Ringfort, Raheennagun, Co. Kilkenny
Co. Kilkenny |
Ringforts
A townland boundary cuts along the north-eastern edge of this ancient enclosure in Raheennagun, Co. Kilkenny, and a field boundary follows its north-western flank.
The land has, in effect, been parcelled around it, the living farm absorbed into the geometry of early medieval life and then partly dismantled by it. That tension between the old earthwork and the working landscape it sits within is one of the quietly telling things about this site.
The monument is a ringfort, the most common type of enclosed settlement in early medieval Ireland, typically consisting of a circular earthen bank with an internal ditch, or fosse, used as a farmstead or high-status residence from roughly the fifth to the twelfth centuries. At Raheennagun, the internal diameter measures approximately 42 metres, and the external fosse is unusually wide, ranging from seven to ten metres across.
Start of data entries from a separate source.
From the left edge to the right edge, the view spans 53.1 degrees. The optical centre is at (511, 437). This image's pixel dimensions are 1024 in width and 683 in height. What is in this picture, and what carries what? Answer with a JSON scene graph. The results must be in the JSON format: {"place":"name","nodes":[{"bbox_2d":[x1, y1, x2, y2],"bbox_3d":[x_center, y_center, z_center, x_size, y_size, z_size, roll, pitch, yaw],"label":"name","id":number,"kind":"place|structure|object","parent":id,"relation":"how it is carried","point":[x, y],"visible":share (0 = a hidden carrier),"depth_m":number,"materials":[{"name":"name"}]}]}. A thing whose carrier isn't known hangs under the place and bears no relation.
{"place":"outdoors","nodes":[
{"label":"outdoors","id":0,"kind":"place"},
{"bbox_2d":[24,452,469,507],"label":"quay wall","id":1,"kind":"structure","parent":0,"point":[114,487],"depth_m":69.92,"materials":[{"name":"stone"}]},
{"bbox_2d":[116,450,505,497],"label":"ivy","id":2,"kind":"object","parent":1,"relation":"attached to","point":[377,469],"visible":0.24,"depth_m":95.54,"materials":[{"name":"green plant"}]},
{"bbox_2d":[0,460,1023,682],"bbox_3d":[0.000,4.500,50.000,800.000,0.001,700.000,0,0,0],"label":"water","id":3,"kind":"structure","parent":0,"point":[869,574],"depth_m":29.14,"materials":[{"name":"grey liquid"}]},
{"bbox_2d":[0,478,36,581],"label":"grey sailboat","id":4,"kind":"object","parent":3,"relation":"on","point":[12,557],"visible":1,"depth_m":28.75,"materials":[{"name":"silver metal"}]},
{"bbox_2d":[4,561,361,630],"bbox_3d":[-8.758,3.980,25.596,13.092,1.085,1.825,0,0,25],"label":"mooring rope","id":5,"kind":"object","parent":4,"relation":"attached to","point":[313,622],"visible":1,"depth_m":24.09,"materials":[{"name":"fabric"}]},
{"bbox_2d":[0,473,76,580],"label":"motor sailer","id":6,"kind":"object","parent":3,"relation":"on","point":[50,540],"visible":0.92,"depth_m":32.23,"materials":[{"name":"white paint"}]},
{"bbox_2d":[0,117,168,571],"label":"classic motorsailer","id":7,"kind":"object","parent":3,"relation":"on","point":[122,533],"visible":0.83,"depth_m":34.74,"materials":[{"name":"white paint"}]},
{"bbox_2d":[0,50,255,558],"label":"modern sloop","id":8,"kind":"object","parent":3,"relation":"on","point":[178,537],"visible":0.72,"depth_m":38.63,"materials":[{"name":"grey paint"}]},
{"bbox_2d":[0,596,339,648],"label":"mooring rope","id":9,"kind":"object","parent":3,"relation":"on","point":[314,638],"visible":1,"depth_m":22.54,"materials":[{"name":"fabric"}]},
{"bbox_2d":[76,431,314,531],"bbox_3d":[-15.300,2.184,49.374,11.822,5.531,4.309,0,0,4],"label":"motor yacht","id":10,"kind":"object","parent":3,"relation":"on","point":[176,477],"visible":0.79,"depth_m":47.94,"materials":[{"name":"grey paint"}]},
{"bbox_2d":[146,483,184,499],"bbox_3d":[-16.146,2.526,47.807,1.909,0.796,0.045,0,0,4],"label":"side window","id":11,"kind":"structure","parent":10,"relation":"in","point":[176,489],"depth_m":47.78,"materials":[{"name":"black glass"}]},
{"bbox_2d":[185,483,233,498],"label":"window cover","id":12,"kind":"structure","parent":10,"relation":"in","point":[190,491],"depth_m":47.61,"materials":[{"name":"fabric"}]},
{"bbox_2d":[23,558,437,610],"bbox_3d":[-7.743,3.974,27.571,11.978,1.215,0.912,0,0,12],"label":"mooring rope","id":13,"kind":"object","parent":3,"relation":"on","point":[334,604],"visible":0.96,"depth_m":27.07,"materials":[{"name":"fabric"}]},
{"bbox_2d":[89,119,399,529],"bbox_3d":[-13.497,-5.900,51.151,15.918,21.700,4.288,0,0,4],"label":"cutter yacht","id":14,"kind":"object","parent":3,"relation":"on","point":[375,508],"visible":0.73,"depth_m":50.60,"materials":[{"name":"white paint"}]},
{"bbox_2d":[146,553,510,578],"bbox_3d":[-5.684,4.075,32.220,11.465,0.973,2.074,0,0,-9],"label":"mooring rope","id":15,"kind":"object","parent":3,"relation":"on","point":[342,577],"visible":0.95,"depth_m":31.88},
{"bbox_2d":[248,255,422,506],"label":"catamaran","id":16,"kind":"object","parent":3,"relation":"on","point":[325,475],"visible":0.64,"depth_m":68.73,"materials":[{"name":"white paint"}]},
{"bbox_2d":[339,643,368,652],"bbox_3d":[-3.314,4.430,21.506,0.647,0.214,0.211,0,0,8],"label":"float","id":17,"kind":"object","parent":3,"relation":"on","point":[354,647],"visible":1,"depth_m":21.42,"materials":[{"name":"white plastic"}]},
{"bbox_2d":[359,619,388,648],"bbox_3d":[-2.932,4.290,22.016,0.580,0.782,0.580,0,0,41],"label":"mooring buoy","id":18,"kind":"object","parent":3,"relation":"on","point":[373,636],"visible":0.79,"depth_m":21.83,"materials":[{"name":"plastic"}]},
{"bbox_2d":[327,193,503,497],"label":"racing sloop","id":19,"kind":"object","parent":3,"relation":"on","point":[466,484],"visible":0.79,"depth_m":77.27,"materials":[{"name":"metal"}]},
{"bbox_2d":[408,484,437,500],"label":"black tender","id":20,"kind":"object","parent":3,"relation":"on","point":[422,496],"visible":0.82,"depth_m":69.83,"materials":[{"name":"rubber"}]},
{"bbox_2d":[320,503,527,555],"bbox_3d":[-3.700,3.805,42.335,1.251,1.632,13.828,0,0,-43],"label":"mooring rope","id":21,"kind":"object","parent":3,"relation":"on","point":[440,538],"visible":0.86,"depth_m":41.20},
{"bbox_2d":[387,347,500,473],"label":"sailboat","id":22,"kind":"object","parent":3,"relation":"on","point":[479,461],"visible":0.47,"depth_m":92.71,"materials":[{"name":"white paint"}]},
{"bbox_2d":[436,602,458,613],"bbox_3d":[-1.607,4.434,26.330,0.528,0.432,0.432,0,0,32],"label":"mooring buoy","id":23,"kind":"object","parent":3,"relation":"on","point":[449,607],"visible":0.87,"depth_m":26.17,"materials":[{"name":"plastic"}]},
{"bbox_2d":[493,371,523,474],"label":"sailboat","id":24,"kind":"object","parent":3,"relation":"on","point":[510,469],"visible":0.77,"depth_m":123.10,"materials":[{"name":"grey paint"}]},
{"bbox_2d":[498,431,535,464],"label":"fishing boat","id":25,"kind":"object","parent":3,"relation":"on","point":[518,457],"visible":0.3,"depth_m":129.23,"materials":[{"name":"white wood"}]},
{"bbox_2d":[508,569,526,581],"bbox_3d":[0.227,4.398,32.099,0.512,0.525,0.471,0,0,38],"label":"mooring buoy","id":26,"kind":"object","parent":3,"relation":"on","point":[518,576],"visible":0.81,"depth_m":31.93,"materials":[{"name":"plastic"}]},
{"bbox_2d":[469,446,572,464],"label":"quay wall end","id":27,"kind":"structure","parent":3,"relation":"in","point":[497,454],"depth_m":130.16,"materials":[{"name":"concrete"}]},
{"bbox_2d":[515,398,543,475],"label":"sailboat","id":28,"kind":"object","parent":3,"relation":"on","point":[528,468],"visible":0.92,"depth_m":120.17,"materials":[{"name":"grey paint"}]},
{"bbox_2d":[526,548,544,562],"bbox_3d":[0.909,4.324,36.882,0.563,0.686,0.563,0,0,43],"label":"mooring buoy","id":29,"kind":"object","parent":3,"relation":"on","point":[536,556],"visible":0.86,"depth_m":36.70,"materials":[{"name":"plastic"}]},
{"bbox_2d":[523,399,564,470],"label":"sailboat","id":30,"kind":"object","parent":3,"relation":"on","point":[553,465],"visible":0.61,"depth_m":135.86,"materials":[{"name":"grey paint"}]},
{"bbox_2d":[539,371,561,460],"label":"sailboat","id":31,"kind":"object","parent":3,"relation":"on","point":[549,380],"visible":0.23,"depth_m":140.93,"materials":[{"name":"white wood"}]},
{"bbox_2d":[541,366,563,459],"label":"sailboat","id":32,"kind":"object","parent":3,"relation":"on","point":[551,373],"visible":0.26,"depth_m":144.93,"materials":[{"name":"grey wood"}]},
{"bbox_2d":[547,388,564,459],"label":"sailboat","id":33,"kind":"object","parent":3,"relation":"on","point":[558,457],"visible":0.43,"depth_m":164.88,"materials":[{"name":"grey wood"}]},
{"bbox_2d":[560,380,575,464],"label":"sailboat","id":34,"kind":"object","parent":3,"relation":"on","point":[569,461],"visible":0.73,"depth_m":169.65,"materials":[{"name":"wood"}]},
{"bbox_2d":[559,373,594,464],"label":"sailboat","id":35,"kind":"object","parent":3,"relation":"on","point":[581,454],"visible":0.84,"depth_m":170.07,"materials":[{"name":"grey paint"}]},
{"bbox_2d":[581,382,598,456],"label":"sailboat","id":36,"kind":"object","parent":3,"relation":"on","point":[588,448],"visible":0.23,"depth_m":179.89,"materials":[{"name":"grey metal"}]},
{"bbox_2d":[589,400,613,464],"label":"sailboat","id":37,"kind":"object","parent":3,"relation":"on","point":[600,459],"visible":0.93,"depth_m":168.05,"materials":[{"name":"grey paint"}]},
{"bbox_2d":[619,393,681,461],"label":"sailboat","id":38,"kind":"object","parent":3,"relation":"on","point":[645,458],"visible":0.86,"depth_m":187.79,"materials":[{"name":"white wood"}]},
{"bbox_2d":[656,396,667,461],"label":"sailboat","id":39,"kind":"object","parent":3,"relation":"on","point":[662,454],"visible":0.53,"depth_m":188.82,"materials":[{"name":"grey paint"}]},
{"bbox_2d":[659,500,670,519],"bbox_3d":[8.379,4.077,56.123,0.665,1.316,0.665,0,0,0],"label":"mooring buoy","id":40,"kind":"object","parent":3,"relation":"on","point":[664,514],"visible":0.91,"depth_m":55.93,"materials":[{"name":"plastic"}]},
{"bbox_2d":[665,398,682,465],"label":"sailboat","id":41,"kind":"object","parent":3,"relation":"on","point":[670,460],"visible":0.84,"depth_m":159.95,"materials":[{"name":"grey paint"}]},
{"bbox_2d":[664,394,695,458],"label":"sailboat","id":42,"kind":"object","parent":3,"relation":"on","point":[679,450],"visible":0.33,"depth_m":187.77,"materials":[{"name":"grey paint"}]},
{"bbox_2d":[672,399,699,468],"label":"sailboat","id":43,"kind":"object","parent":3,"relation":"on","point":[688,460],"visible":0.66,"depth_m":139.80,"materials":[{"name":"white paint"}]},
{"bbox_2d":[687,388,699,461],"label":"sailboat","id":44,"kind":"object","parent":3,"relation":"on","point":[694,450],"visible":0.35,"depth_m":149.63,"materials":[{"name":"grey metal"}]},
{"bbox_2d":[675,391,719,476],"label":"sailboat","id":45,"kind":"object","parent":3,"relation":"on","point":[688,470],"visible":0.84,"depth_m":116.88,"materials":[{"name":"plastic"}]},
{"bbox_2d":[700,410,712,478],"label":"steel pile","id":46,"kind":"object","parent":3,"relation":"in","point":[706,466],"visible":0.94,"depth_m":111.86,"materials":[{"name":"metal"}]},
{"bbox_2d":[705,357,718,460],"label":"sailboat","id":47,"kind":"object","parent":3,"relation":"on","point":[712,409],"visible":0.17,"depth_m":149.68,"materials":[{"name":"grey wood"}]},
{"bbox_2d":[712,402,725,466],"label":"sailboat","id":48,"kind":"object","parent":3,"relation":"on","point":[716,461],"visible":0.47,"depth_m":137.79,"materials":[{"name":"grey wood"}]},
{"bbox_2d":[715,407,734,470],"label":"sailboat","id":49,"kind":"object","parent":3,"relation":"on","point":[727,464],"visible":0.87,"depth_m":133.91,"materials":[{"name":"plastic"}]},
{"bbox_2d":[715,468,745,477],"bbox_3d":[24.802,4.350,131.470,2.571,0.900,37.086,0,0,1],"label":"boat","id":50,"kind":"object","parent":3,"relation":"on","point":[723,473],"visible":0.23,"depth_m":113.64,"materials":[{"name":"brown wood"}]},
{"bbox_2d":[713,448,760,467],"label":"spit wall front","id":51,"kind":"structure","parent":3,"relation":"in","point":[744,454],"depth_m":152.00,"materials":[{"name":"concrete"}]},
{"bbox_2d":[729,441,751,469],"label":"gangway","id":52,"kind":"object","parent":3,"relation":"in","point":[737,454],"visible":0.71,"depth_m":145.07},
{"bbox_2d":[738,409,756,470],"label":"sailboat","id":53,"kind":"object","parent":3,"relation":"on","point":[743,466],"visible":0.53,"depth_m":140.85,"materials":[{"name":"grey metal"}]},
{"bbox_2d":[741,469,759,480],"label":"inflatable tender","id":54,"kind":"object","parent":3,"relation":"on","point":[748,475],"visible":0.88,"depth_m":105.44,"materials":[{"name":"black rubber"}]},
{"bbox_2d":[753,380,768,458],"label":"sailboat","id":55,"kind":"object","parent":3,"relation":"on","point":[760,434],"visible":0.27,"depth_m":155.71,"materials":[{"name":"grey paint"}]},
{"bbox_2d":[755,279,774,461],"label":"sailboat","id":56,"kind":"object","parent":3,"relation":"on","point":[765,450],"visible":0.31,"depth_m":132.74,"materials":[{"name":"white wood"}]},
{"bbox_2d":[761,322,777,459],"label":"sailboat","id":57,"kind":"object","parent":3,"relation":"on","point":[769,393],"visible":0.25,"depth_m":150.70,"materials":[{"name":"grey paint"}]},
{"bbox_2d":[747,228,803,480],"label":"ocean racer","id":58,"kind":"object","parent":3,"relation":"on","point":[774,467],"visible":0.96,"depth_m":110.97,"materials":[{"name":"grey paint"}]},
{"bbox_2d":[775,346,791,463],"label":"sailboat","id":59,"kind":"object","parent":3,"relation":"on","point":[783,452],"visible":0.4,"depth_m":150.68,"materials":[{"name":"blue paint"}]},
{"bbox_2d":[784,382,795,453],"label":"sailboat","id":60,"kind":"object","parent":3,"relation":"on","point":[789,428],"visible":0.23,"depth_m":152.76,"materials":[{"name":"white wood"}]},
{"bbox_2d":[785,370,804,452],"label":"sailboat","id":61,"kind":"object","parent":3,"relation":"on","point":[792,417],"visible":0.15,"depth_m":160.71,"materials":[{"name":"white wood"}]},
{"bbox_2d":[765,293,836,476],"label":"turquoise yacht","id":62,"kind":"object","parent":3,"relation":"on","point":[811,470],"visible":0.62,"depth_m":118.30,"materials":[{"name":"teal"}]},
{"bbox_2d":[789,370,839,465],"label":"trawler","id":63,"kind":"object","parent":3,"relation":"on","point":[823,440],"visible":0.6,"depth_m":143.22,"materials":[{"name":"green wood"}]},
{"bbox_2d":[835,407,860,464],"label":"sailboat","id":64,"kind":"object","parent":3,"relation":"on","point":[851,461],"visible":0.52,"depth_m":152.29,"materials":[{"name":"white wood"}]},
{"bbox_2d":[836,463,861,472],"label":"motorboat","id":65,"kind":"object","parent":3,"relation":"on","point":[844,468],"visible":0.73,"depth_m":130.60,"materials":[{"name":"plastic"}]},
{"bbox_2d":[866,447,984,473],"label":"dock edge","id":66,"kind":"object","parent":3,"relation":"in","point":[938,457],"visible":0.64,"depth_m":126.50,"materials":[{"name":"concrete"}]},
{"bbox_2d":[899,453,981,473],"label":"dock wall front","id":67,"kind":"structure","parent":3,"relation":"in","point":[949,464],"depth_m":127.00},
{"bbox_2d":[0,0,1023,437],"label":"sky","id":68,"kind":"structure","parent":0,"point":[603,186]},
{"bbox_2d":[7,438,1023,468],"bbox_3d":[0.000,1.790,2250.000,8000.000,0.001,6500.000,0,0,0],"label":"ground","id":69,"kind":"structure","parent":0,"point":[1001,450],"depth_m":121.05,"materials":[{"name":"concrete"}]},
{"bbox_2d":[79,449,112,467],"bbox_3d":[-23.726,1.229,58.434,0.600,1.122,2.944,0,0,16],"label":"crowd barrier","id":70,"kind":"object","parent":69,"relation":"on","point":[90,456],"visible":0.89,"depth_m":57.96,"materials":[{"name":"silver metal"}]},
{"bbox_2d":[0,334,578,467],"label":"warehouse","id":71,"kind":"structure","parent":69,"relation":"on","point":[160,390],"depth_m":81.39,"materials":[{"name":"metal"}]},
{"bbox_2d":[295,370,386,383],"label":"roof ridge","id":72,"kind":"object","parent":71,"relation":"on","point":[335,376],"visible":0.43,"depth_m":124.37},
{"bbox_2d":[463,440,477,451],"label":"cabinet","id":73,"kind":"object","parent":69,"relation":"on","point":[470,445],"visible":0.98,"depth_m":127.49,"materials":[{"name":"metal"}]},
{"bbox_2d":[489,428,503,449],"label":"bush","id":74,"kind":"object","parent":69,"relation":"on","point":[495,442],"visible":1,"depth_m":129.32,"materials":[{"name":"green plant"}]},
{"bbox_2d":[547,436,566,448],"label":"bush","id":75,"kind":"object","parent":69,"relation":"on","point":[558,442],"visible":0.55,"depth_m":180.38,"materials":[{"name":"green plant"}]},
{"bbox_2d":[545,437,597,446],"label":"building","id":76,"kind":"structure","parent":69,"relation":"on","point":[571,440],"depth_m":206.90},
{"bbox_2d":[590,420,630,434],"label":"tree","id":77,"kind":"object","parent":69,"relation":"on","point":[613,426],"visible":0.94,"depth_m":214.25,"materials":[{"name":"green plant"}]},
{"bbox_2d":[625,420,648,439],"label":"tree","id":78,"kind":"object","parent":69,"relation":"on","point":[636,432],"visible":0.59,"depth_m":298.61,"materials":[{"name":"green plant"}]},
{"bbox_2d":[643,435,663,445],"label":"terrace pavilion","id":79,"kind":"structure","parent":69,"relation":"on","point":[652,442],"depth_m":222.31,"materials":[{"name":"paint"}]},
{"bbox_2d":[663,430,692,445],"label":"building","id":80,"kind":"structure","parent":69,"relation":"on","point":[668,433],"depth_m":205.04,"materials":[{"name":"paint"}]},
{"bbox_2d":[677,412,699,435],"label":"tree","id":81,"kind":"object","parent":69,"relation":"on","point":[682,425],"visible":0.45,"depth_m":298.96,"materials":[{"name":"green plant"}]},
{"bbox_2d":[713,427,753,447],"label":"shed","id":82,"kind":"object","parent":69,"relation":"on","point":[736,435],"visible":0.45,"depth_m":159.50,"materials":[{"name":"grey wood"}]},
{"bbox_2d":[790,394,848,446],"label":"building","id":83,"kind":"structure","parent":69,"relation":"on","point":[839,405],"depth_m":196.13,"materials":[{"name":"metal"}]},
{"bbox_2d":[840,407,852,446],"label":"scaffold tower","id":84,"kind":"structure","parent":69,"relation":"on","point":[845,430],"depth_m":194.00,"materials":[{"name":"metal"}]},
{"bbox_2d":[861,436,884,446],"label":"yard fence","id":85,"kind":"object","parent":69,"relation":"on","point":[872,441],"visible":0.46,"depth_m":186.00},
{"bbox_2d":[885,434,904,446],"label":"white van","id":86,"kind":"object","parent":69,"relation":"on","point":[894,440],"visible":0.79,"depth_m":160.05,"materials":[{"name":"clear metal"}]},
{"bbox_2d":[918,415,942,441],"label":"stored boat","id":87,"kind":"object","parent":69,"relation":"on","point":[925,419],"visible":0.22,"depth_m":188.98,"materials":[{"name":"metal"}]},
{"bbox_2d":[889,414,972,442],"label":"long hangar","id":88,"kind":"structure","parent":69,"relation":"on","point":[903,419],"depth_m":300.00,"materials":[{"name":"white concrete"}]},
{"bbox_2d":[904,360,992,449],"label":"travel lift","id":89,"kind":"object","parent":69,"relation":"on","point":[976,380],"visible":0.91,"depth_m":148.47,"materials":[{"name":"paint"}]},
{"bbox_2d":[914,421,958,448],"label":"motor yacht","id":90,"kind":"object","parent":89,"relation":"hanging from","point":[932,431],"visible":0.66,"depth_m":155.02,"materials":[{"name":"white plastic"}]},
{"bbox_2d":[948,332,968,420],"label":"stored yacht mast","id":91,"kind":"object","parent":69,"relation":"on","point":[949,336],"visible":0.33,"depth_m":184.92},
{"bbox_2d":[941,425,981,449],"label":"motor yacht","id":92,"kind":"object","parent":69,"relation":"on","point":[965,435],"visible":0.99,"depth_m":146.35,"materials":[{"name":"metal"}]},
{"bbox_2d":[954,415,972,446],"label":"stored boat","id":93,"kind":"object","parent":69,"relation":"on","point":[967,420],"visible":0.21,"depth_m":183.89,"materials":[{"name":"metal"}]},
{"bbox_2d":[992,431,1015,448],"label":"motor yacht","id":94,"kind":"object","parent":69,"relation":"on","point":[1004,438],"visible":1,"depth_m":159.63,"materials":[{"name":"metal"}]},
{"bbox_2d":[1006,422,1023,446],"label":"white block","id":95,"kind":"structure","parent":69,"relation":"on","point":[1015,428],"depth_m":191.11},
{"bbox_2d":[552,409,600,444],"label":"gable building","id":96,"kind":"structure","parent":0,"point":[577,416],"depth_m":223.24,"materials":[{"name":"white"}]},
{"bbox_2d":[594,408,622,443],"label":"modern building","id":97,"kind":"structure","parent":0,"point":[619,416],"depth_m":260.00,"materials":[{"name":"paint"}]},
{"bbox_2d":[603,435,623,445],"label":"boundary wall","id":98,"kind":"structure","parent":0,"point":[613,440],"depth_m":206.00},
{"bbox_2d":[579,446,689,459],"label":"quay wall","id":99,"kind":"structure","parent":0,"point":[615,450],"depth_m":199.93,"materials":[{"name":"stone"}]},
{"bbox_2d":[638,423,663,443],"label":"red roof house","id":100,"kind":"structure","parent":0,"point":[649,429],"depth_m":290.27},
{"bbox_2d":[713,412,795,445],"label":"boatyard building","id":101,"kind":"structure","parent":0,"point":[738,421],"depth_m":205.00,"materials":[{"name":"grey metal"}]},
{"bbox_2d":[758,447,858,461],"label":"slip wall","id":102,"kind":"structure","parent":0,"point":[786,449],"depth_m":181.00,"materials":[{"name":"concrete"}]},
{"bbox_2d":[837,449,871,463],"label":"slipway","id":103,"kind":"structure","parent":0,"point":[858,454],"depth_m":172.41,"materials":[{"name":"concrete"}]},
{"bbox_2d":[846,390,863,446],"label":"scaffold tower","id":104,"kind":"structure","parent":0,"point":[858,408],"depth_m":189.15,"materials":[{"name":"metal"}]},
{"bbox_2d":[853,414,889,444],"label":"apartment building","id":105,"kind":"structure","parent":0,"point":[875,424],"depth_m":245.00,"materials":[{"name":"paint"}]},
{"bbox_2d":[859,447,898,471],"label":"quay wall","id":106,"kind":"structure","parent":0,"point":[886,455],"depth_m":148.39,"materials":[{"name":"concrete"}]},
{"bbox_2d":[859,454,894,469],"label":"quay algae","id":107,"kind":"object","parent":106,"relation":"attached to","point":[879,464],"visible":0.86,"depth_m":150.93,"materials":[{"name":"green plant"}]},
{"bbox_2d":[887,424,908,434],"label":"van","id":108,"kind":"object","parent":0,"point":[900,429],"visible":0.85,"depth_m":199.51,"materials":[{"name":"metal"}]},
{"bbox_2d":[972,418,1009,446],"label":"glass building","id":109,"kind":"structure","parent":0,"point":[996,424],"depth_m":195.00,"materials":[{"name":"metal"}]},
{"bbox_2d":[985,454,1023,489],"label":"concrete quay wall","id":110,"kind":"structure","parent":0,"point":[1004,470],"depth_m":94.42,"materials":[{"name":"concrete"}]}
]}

The site appears on the first edition Ordnance Survey six-inch map, surveyed in 1839 to 1840, and again on the 1945 to 1946 revision, each time recorded as a circular enclosure. By 1969, however, the archaeologist O'Kelly was already describing it as a partly-demolished rath, the Irish word for an earthen ringfort, suggesting the structure had suffered some degradation well before the mid-twentieth century.
Today, the interior is grassed over, with trees and scrub beginning to encroach. The earthwork endures, but only just, held in place partly by the administrative accident of a townland boundary that has, inadvertently, helped preserve its outline.